By Antonio De la Jara and Anthony Esposito
SANTIAGO, Nov 8 (Reuters) - Chile’s consumer prices rose by double what the market expected in October, chiefly due to the cost of food, non-alcoholic beverages, housing and electricity, the government said on Thursday.
The CPI index jumped 0.6 percent month on month in October, outpacing the 0.3 percent monthly increase that analysts polled by Reuters had forecast.
This follows another unexpectedly high 0.8 percent rise in September, a 0.2 percent increase in August and a flat reading in July.
“You’re starting to have inflation that’s more in line with the economy’s reduced output gaps ... it better reflects the cyclical situation of the Chilean economy,” said Alejandro Puente, chief economist at BBVA in Santiago.
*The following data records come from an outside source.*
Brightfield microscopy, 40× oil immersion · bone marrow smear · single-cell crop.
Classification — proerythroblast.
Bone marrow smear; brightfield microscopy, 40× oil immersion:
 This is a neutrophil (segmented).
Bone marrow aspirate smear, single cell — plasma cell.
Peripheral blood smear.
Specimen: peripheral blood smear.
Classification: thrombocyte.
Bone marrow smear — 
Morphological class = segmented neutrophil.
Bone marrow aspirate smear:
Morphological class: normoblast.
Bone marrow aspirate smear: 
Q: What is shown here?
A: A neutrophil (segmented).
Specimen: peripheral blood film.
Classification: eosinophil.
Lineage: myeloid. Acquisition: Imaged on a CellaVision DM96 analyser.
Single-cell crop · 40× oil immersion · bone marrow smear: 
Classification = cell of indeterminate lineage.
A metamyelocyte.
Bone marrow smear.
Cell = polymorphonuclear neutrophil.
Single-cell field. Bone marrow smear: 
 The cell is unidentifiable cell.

“Looking forward, we clearly see more inflationary pressures, but with a lot of volatility in the short term,” he added.
Finance Minister Felipe Larrain has often emphasized that Chile’s robust economic growth, seen at around 5 percent this year, is coupled with moderate inflation.
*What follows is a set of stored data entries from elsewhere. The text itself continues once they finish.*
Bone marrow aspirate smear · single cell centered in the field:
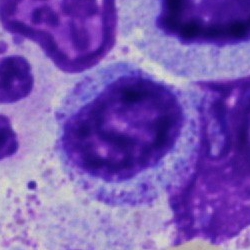
Morphological class — myelocyte.
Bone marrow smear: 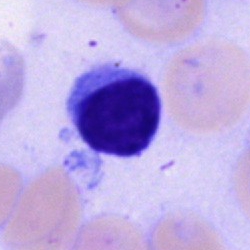The cell shown is a lymphocyte.
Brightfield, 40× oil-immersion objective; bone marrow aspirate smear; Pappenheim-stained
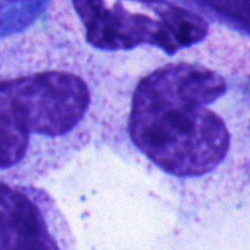 Showing a band-form neutrophil.
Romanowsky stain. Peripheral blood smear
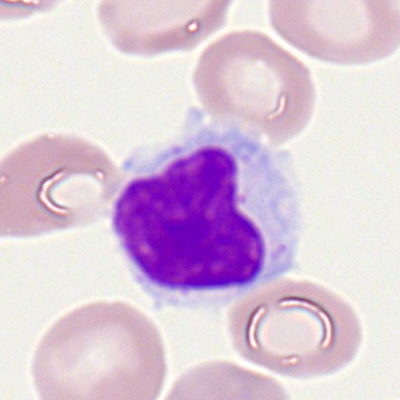 Q: What is the morphological classification of this cell?
A: Lymphocyte.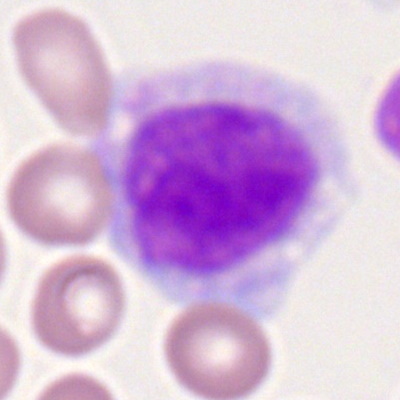

Morphological class — monocyte.
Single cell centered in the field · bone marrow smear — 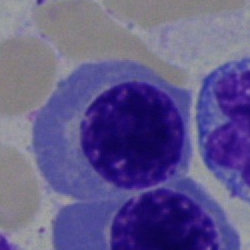A nucleated red cell.
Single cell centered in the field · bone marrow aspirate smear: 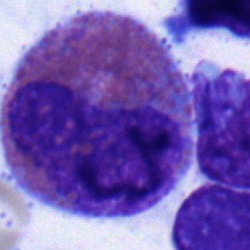
Specimen: bone marrow aspirate smear.
Cell: eosinophilic granulocyte.
Lineage: myeloid.
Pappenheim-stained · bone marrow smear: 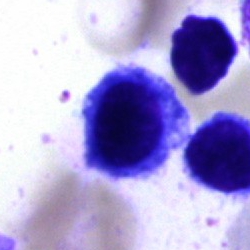
{"cell_type": "nucleated red blood cell", "lineage": "erythroid"}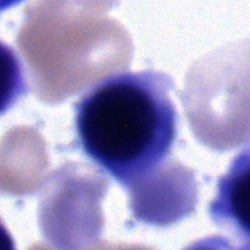 Q: Which cell type is shown here?
A: It is a normoblast.
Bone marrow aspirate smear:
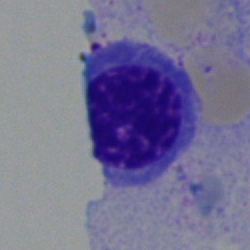Cell type: erythroblast.
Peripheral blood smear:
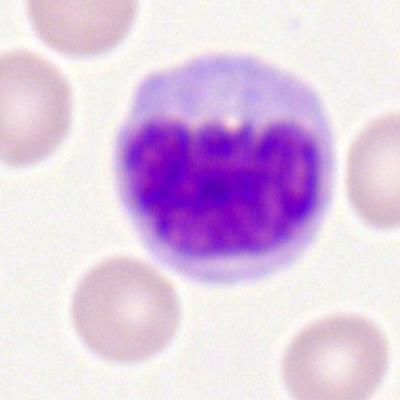 Q: Identify the cell.
A: Monocyte.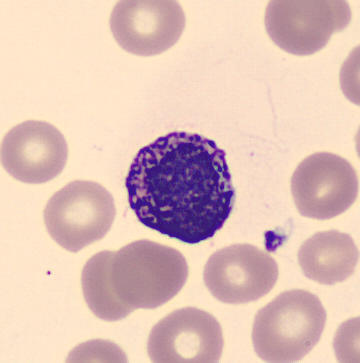

Peripheral blood smear · automated cell imaging (CellaVision DM96).
Morphology consistent with a basophil.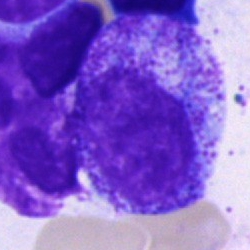 {"cell_type": "progranulocyte", "lineage": "myeloid"}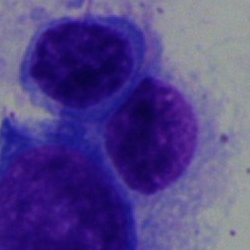
Showing a plasmacyte.
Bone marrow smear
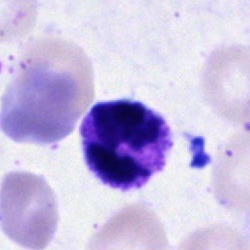Classification — polymorphonuclear neutrophil.
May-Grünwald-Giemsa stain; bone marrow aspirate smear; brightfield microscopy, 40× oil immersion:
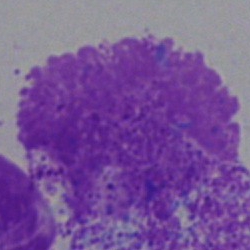
Cell — artefact.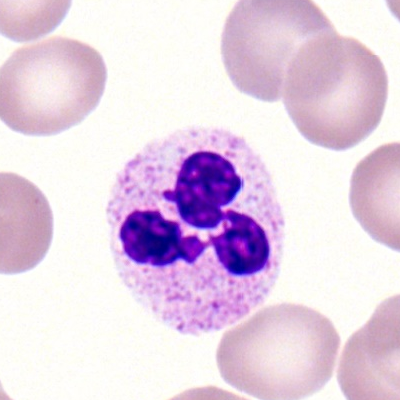A segmented neutrophil.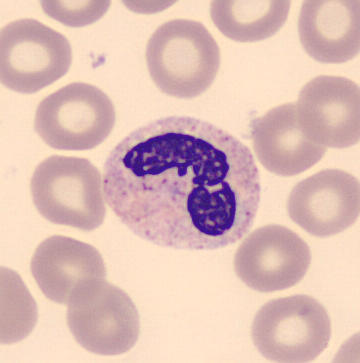 Single cell identified as a polymorphonuclear neutrophil.
Image: 360×363 px. May Grünwald-Giemsa stain. Peripheral blood smear.
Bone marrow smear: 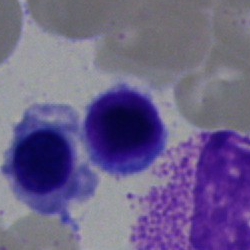
A lymphocyte.
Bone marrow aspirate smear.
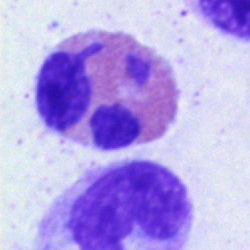
The cell is eosinophil.
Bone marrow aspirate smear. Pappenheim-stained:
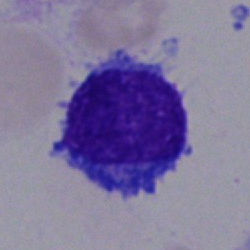 Specimen: bone marrow smear.
Classification: typical lymphocyte.
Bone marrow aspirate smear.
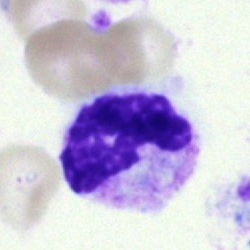 Classification — polymorphonuclear neutrophil.

Chile’s small, export-dependent economy has been expanding at a brisk pace despite slowing demand from top trade partner China and fallout from the euro zone’s ongoing fiscal crisis, helped by firm domestic demand, a tight labor market and relatively healthy prices for main export copper.
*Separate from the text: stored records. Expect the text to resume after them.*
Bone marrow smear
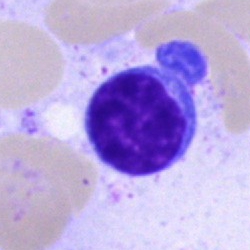

Single cell identified as a lymphocyte.
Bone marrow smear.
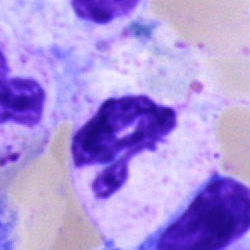

Classification — neutrophil (segmented).
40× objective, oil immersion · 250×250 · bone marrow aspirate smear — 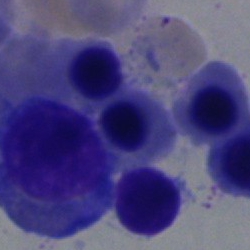

Q: What is the morphological classification of this cell?
A: An erythroblast.
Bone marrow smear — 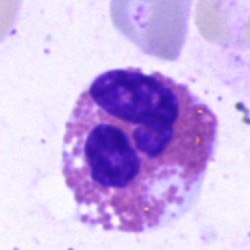
Single cell identified as an eosinophilic granulocyte.
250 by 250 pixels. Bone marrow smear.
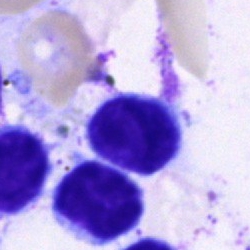
Typical lymphocyte.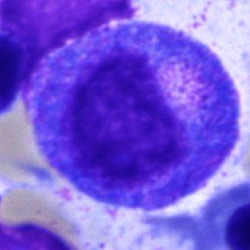 The cell type is progranulocyte.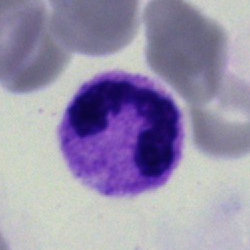
Bone marrow aspirate smear, single cell — polymorphonuclear neutrophil.
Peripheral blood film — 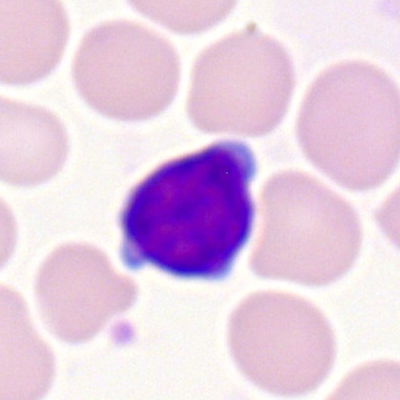 Typical lymphocyte.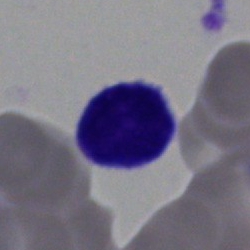Single cell identified as a typical lymphocyte.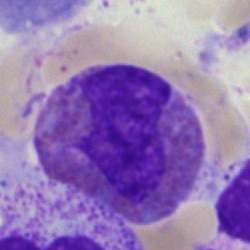
Cell = eosinophil.
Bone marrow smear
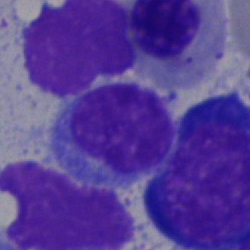The cell type is lymphocyte.
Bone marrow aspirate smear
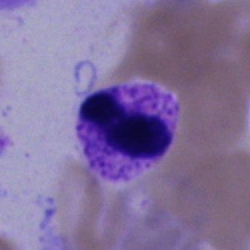 The cell shown is an artifact.
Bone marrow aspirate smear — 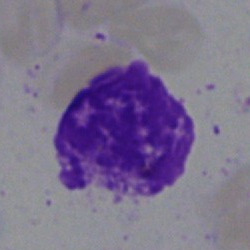

Cell = artifact.
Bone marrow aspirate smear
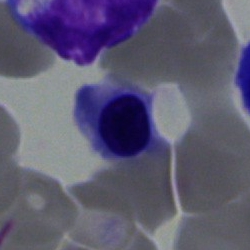 Single cell identified as an erythroblast.
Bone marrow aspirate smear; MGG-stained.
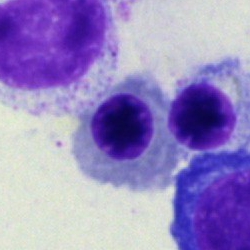 A nucleated red blood cell.
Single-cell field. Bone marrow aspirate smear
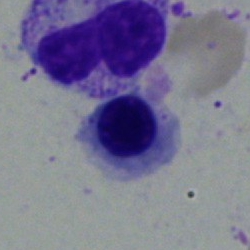 Cell type — nucleated red blood cell.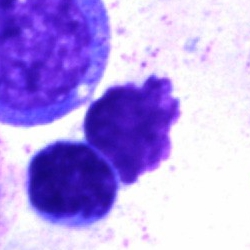 A typical lymphocyte.
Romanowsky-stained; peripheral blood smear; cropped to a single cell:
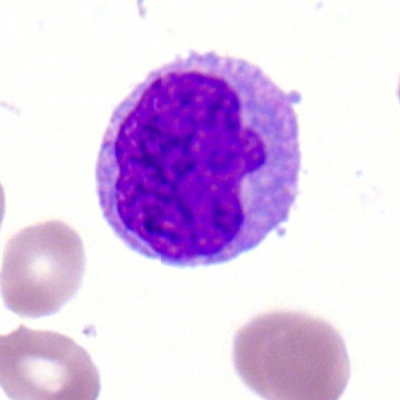
This is a monocyte.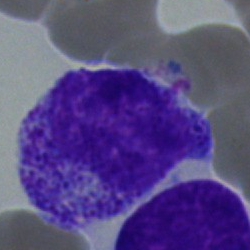 A myelocyte on a bone marrow smear.
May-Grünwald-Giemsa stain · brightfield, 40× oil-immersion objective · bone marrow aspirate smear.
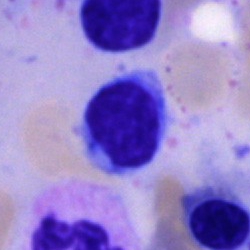 Q: Which cell type is shown here?
A: This is a typical lymphocyte.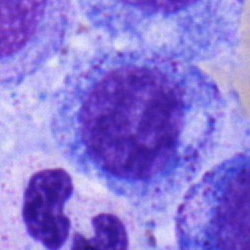
Bone marrow smear showing a myelocyte.
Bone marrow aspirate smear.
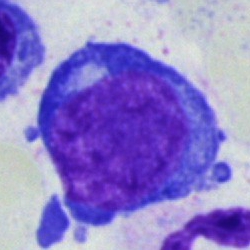 Morphology consistent with a proerythroblast.
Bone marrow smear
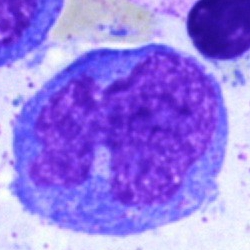Morphology — monocyte.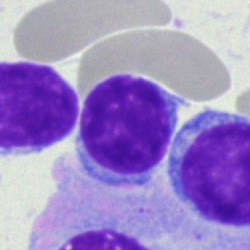

{"cell_type": "lymphocyte"}
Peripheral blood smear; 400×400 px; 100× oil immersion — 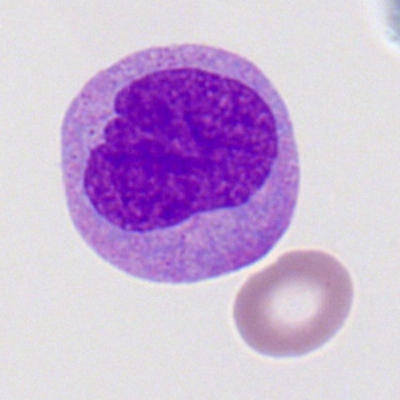Specimen: peripheral blood film.
Cell type: myeloblast.
Lineage: myeloid.
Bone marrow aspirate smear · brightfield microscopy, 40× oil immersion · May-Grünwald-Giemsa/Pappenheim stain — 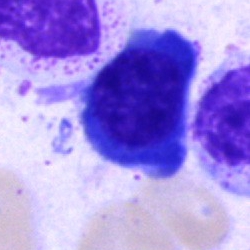
The cell shown is a normoblast.
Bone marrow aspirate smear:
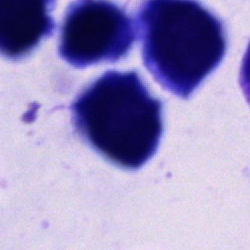
Specimen: bone marrow aspirate smear.
Morphological class: cell of indeterminate lineage.
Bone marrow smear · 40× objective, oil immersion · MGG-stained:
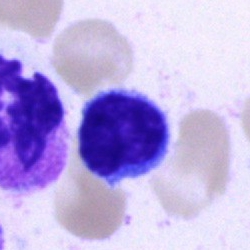Morphology consistent with a typical lymphocyte.
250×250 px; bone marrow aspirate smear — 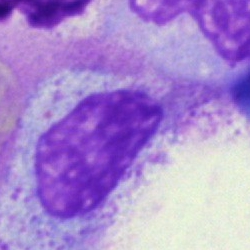
Q: Which cell type is shown here?
A: A myelocyte.
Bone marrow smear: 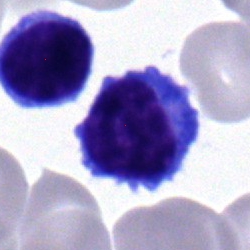 This is a lymphocyte.
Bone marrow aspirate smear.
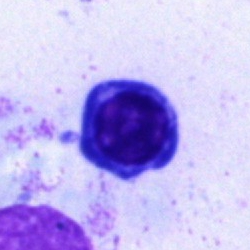 Specimen: bone marrow aspirate smear.
Cell type: nucleated red cell.
Lineage: erythroid.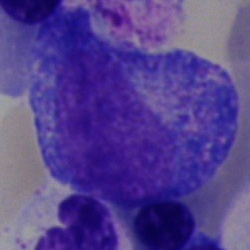

The classification is promyelocyte.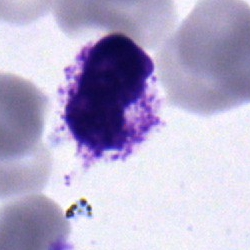
Single-cell crop from a bone marrow smear: polymorphonuclear neutrophil.
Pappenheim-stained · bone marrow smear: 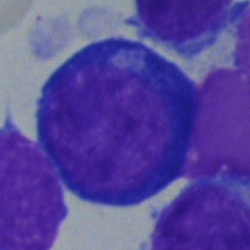
{"cell_type": "pronormoblast"}

The minutes of the central bank’s latest monetary policy meeting, released on Tuesday, highlighted “the strength of domestic demand, and in particular consumption.”
Core inflation was 0.2 percent month on month in October, and inflation in the 12 months to October was 2.9 percent.
It was the fifth month in a row that annual inflation remained below the midpoint of the central bank’s 3.0 percent policy horizon inflation target.
The central bank held its key interest rate steady at 5.0 percent as expected for a ninth consecutive month in October, as the buoyant domestic economy helped keep external risks at bay.
The key interest rate is seen staying at 5.0 percent in November and in the next three, six, 12 and 24 months, the bank’s fortnightly poll of traders showed late last month.
BBVA’s Puente also sees the central bank holding the key interest rate at 5.0 percent through the end of 2013, though he added there’s a slight risk of a rate hike before that.